Information provided Block Start
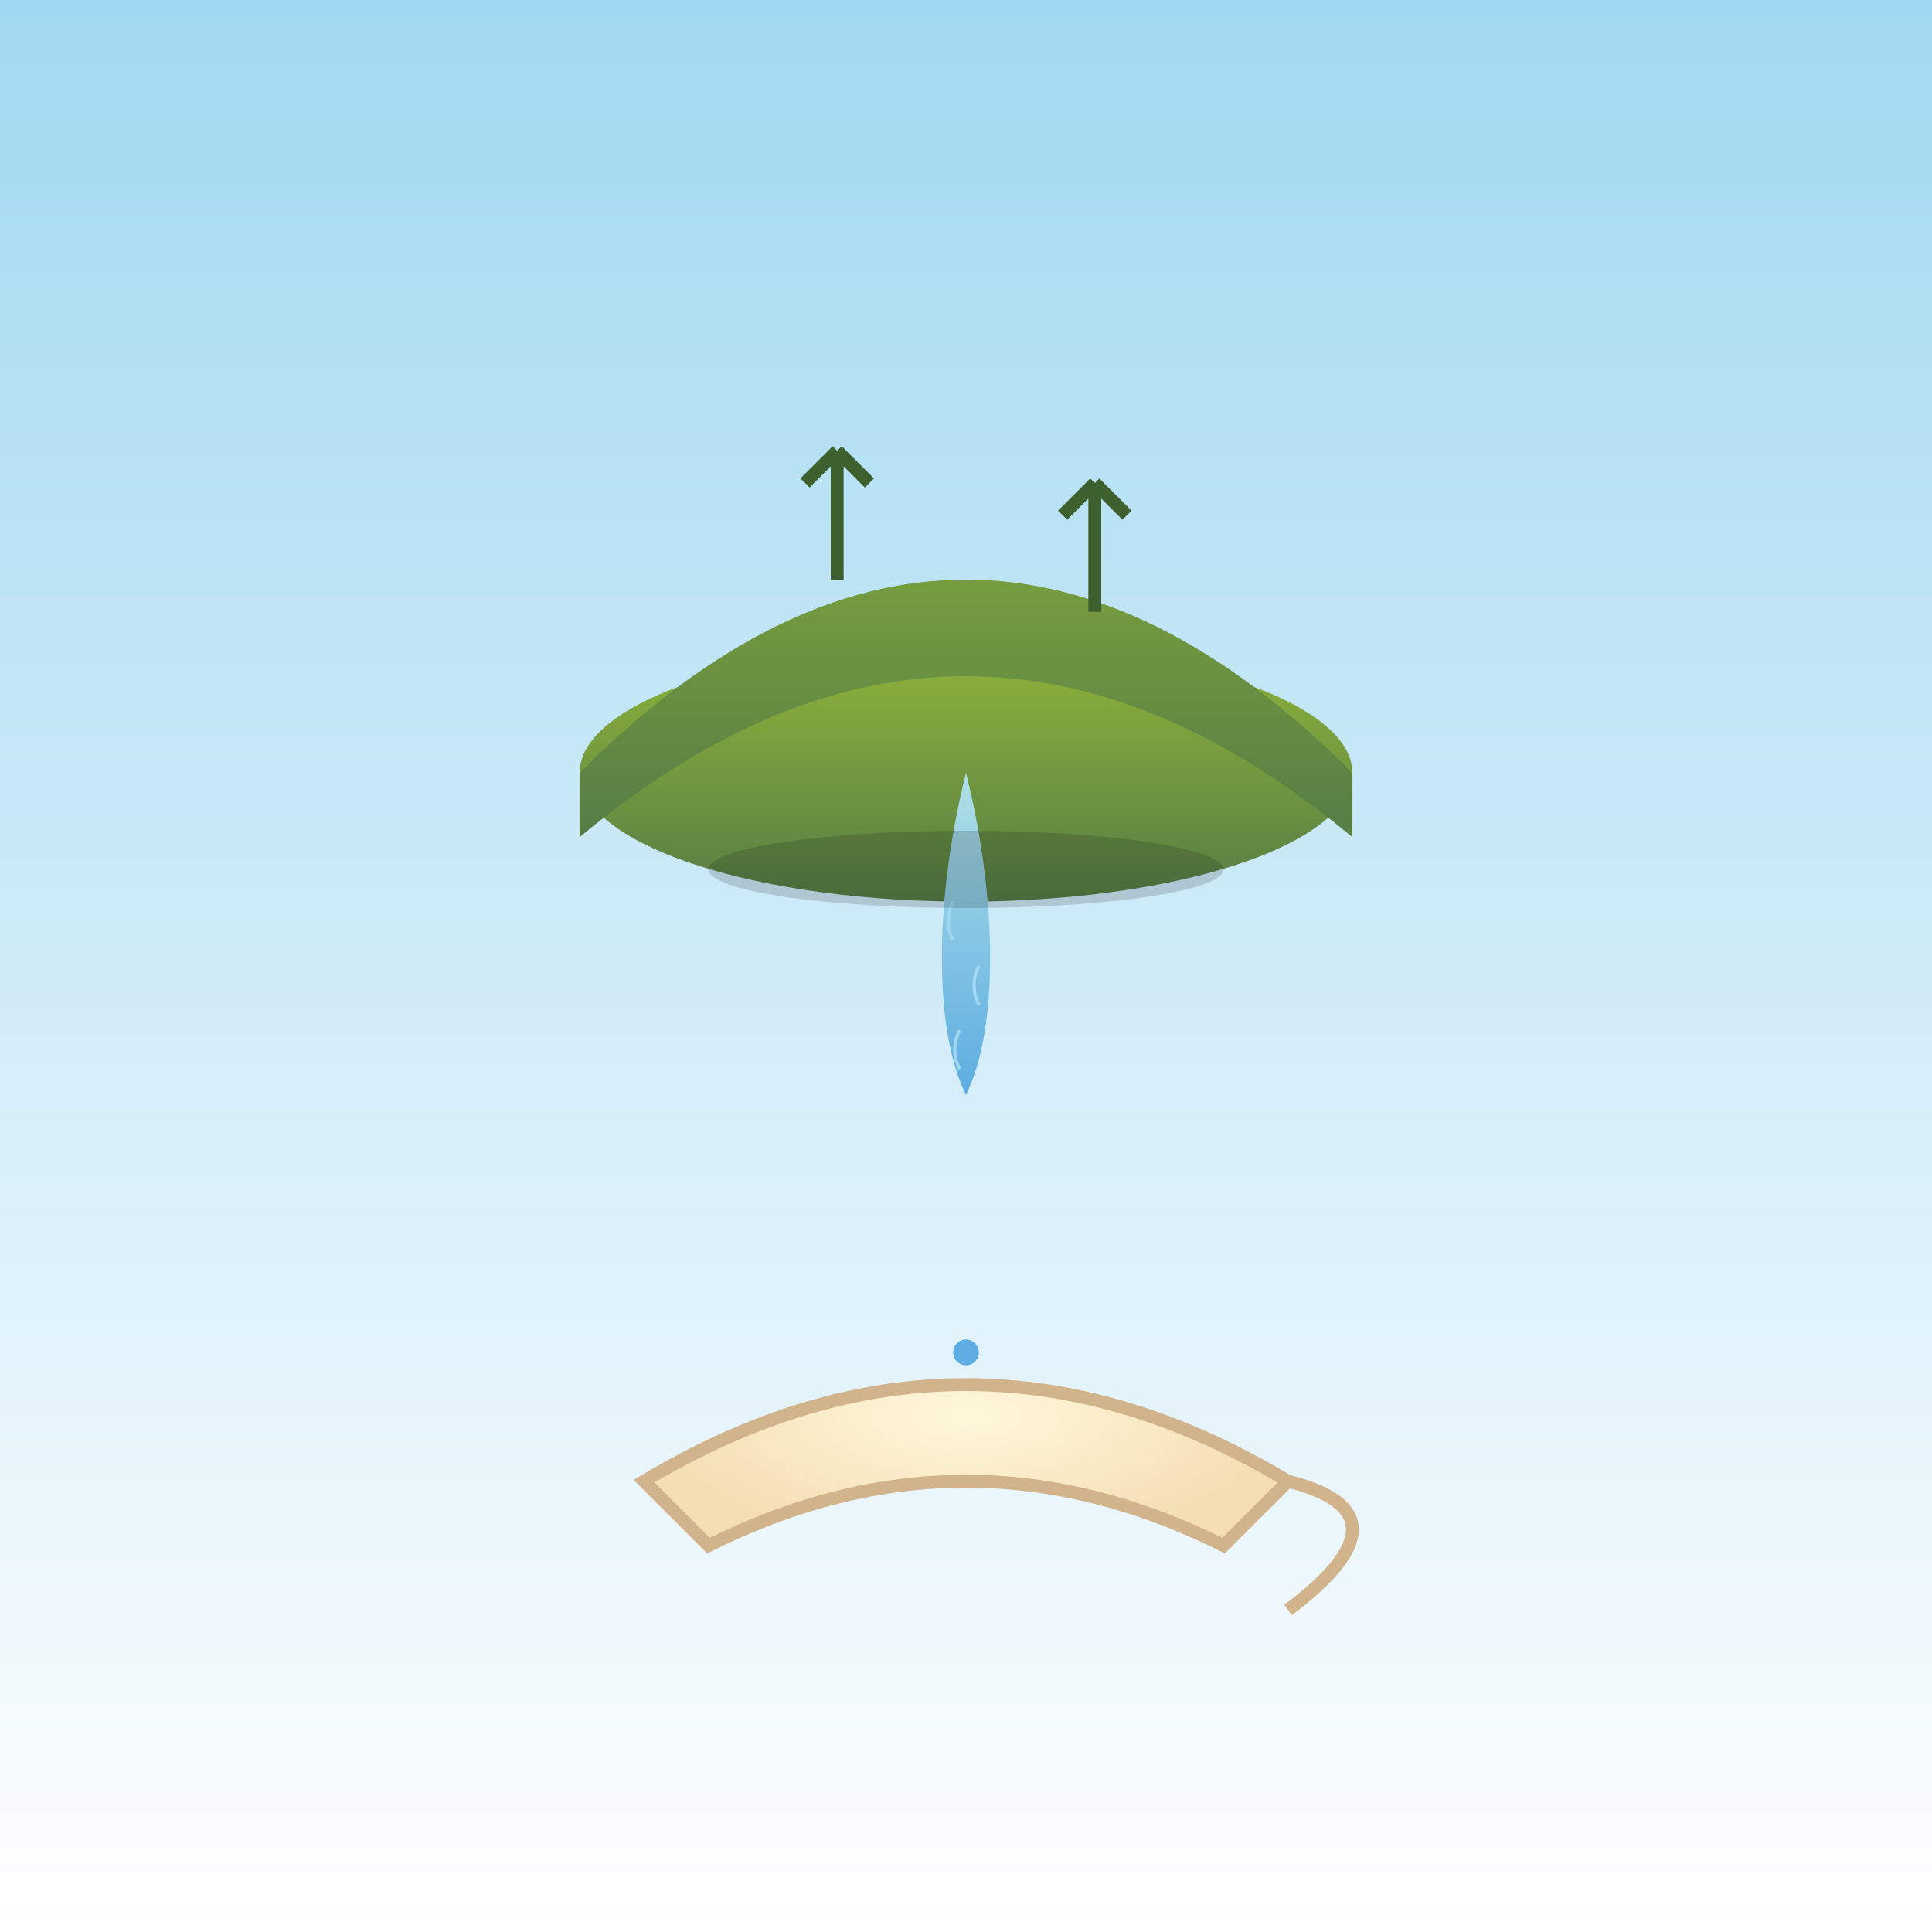 <svg viewBox="0 0 300 300" xmlns="http://www.w3.org/2000/svg">
  <rect x="0" y="0" width="300" height="300" fill="#333333" stroke="none"/>
  <!-- Background -->
  <rect width="300" height="300" fill="url(#skyGradient)" />
  <defs>
    <linearGradient id="skyGradient" x1="0" y1="0" x2="0" y2="1">
      <stop offset="0%" stop-color="#a0d8f1" />
      <stop offset="100%" stop-color="#ffffff" />
    </linearGradient>
    <linearGradient id="islandGradient" x1="0" y1="0" x2="0" y2="1">
      <stop offset="0%" stop-color="#8fb339" />
      <stop offset="100%" stop-color="#567d46" />
    </linearGradient>
    <linearGradient id="waterfallGradient" x1="0" y1="0" x2="0" y2="1">
      <stop offset="0%" stop-color="#b0e0e6" />
      <stop offset="100%" stop-color="#5dade2" />
    </linearGradient>
    <radialGradient id="teacupGradient" cx="50%" cy="50%" r="50%">
      <stop offset="0%" stop-color="#fff8dc" />
      <stop offset="100%" stop-color="#f5deb3" />
    </radialGradient>
  </defs>
  
  <!-- Floating island -->
  <g id="island">
    <ellipse cx="150" cy="120" rx="60" ry="20" fill="url(#islandGradient)" />
    <path d="M90,120 Q150,60 210,120 L210,130 Q150,80 90,130 Z" fill="url(#islandGradient)" />
    <!-- Minimalist trees -->
    <path d="M130,90 L130,70 M130,70 L125,75 M130,70 L135,75" stroke="#3e5f2e" stroke-width="2" fill="none"/>
    <path d="M170,95 L170,75 M170,75 L165,80 M170,75 L175,80" stroke="#3e5f2e" stroke-width="2" fill="none"/>
  </g>
  
  <!-- Waterfall -->
  <g id="waterfall">
    <path d="M150,120 C145,140 145,160 150,170 C155,160 155,140 150,120" fill="url(#waterfallGradient)" />
    <!-- Water droplets effect -->
    <path d="M148,140 C147,142 147,144 148,146" stroke="#a0d8f1" stroke-width="0.5" fill="none"/>
    <path d="M152,150 C151,152 151,154 152,156" stroke="#a0d8f1" stroke-width="0.5" fill="none"/>
    <path d="M149,160 C148,162 148,164 149,166" stroke="#a0d8f1" stroke-width="0.5" fill="none"/>
  </g>
  
  <!-- Teacup at the bottom -->
  <g id="teacup">
    <!-- Cup Body -->
    <path d="M100,230 Q150,200 200,230 L190,240 Q150,220 110,240 Z" fill="url(#teacupGradient)" stroke="#d2b48c" stroke-width="2" />
    <!-- Cup Handle -->
    <path d="M200,230 Q220,235 200,250" fill="none" stroke="#d2b48c" stroke-width="2" />
    <!-- Water Pouring into Teacup -->
    <path d="M150,170 L150,210" stroke="url(#waterfallGradient)" stroke-width="4" stroke-linecap="round"/>
    <circle cx="150" cy="210" r="2" fill="#5dade2"/>
  </g>
  
  <!-- Floating effect: Soft shadow under island -->
  <ellipse cx="150" cy="135" rx="40" ry="6" fill="rgba(0,0,0,0.15)" />
</svg>
Information provided Block End
Problem statement:
Return every line from the entries that holds the string "skyGradient".

Response to this exercise:
  <rect width="300" height="300" fill="url(#skyGradient)" />
    <linearGradient id="skyGradient" x1="0" y1="0" x2="0" y2="1">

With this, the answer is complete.